それまでは、コンサルティング、消費財メーカーで経営企画、その香港子会社の代表をされていたそうですね。そこからどうして、”体験型エンタメ"を扱う会社に入社したのですか?
- 大きな理由は、「ビジネスの可能性」を感じたからです。
これまで私が在籍していた会社はどこも、「他社とどう差別化するか」「どう独自性を出すか」で苦しんでいました。ところがたのしいミュージアムには、似たようなことをやっている会社がまったく思い浮かばないくらい、すでに差別化できたプロダクトがあります。しかも2022年創業と、会社としてかなり若いフェーズで、これを成し遂げている。この体験型エンタメのビジネスは、やり方次第でいくらでも伸びるぞ、と率直に感じました。
それに、代表の小林は学生時代からの友人なんです。社長が悪い人間じゃないと分かっているというのも大きかったですね(笑)だから、チャレンジしてみようかなと。
02
競合と比較されない独自のポジションに、大きな伸びしろがある
「どの会社も差別化で苦しんでいた」というお話がありました。そもそも、なぜ差別化に苦しむ会社が多いのでしょうか?
- どの業界もある程度成熟している、というのが大前提としてあると思います。長く続いてきた市場には、すでに優秀なプレイヤーがそろっていて、打てる手もほぼ出尽くしているんですよ。
前職の消費財メーカーも、その前にいたITやコンサルの業界もそうでした。だから各社は、いかに差別化するかに取り組んでいるんです。スーパーやお店に行っても、「これしかない」というものって、ほぼないですよね。何を買うにしても、基本的により良いものと比較されてしまう世の中です。
でも、うちのプロダクトは、比較する対象がほぼいない。だとしたら、あとはもう好きになってくれる人を増やせばいいだけなんです。
とはいえ、世の中にエンタメの選択肢はたくさんありますよね。それでも比較されない、というのはどういうことなのでしょうか?
- たのしいミュージアムが提供するエンタメは、カジュアルなエンタメと、ハイクラスなエンタメの、ちょうど中間にあるんです。
たとえば、一番カジュアルなエンタメは、映画館やカラオケです。低価格ですし、日常的に何回でも行けます。逆に一番ハイクラスなのは、遊園地や舞台のような特別な体験。高価格で規模も大きく、その場に訪れること自体がイベントになりますよね。
たのしいミュージアムが提供しているエンタメは、規模も価格も遊園地ほどではないけれど、映画館やカラオケよりは特別。中規模サイズで「気軽に行って楽しめる」という独自のポジションを築いてきました。

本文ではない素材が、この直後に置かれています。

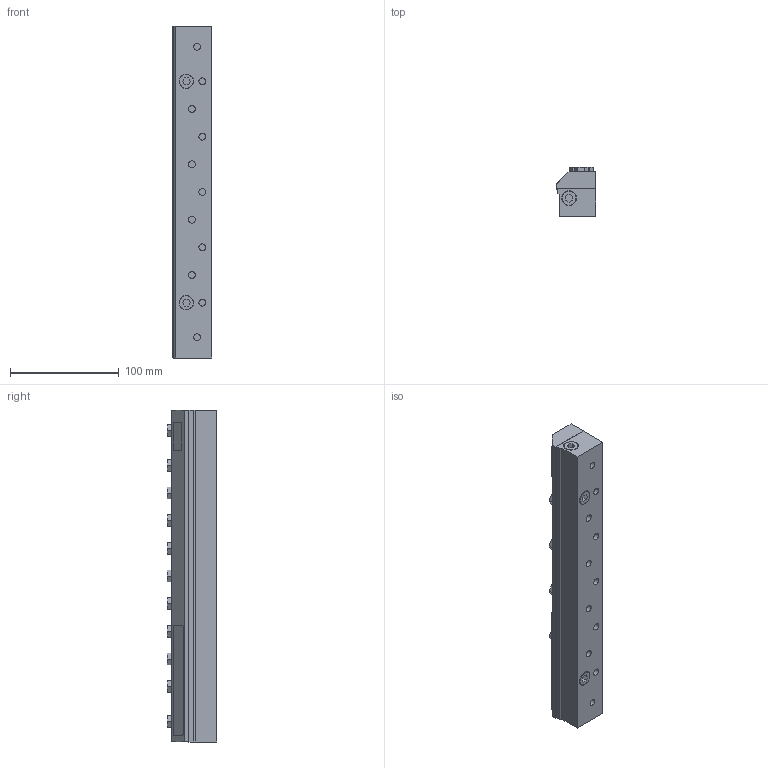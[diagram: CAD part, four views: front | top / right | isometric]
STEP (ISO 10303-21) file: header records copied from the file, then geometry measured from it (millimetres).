
FILE_DESCRIPTION((''),'2;1');
FILE_NAME('110012-pvdf.stp','2009-08-06T14:44:08',('David Woerner'),(''),'Autodesk Inventor 2010','Autodesk Inventor 2010','');
FILE_SCHEMA(('AUTOMOTIVE_DESIGN { 1 0 10303 214 1 1 1 1 }'));
Length unit declared in the file: inch
Products named in the file (9): 110012-pvdf; 900997; 900999; 900998; 900248; 2583; Parker Countersunk Hex-Head Plug 219P 219P-4; 9715; 9898
Assembly tree (20 placements, depth 3):
  110012-pvdf
    900997
    900999
    900998
    900248  x11
    2583  x3
      Parker Countersunk Hex-Head Plug 219P 219P-4
    9715
    9898
Bounding box: 36.53 x 45.26 x 304.8 mm (x, y, z)
Volume: 388780 mm3; surface area: 113047.1 mm2
Topology: 19 solids, 19 shells, 265 faces, 648 edges, 434 vertices
Faces by surface type: plane 178, bspline 36, cylinder 34, cone 17
Full cylindrical faces by diameter (mm): 6.477 x11, 7.163 x11
Entity records: 5095 total; most frequent: CARTESIAN_POINT 1359, DIRECTION 697, ORIENTED_EDGE 642, EDGE_CURVE 321, EDGE_LOOP 259, AXIS2_PLACEMENT_3D 258, VERTEX_POINT 238, VECTOR 181

実は、この中間にあたるエンタメの市場に注力している企業は、意外といないんですよ。競合がいないのに、マーケットの規模はそれなりにある。つまり、エンタメ市場のなかでも大きな伸びしろが残っているんです。だからこそ、プロダクトの強みを活かして、ファンを増やすことに集中していける、というわけです。
03
唯一無二の事業と、発展途上の組織。その成長をつなぐのがコーポレートの役割
事業に大きな伸びしろがあるなかで、現状の組織はどんな段階にあると思いますか?
- 組織はまだ、隅々まで整っているわけではありません。事業がすごく伸びている一方で、組織づくりはこれからなんです。だからこそ、これから形にしていけることがたくさんある。そういう発展途上の環境をおもしろがって、自分からチャンスを掴みに来ている人が集まっていると思います。
そして、この「伸びる事業」と「発展途上の組織」の間をつなぐのが、私たちコーポレートです。というのも僕には、前の会社からずっとコーポレートで働いてきた中で培った持論があって。「会社の強さや価値は、コーポレートの強さに比例する」と考えているんです。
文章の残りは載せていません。